For people injured through no fault of their own whilst on private land by an uninsured driver then this new decision is excellent news. Previously, a claim would have been brought against the driver of the vehicle or, in some circumstances, against their employer. The only way the injured person would be able to get compensation would be if the guilty party had enough money to pay. Now, thanks to this ruling, a claim could be brought against the Motor Insurers’ Bureau (the MIB) under the Uninsured Drivers Agreement.

If the claim was successful then the claim would be paid in full by the MIB.

So now, if you have suffered injury due to a vehicle on private land: be it a Segway, golf buggy or ride-on lawnmower, then your position to make a claim has never been stronger.

The reach of this case could be very large.
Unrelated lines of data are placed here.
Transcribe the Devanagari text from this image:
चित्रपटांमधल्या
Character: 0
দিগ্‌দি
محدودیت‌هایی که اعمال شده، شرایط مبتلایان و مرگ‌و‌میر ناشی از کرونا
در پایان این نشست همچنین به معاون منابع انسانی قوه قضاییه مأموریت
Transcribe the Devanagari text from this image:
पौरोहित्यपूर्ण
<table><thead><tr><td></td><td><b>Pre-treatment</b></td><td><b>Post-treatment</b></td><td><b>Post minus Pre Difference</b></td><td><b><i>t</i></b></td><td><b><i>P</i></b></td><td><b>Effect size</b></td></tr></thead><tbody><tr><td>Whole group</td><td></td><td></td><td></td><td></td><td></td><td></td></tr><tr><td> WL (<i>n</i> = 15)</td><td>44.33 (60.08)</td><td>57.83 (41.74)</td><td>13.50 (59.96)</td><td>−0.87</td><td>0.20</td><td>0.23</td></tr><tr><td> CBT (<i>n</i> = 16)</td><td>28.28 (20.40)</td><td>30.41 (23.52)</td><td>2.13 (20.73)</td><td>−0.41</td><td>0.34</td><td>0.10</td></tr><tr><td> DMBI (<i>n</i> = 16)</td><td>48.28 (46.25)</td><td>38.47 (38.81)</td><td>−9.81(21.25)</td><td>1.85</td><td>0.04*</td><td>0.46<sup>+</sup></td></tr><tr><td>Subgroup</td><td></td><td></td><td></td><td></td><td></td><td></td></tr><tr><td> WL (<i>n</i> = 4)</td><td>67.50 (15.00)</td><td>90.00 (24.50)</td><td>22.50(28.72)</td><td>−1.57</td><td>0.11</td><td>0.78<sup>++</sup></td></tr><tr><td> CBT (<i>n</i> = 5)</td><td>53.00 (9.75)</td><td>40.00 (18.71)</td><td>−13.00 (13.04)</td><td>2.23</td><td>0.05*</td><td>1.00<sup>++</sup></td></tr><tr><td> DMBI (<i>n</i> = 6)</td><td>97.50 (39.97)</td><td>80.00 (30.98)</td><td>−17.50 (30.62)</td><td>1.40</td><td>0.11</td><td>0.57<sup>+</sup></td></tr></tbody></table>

A recent Government consultation has noted that this decision could affect people injured by e-bikes, all types of mobility scooter and fairground rides like dodgems. It may also affect the commercial vehicles used on building sites and warehouses like: fork-lift trucks, dumper trucks and quad bikes.

Whilst many of these vehicle should be insured already under existing public liability insurance, if the owner has failed to do so then under this ruling the MIB may be obliged pay out when people or companies can’t. This is excellent news for the injured person. They no longer have to worry about the person who caused the injury being able to afford to pay up for injuries that they have caused.

The Government’s Department for Transport who are responsible for the MIB and the Uninsured Drivers Agreement has not yet confirmed its position in relation to the Vnuk case and the impact that it will on claims for compensation against the MIB. As a result of this and Britain’s changing relationship with the European Union the position may change soon.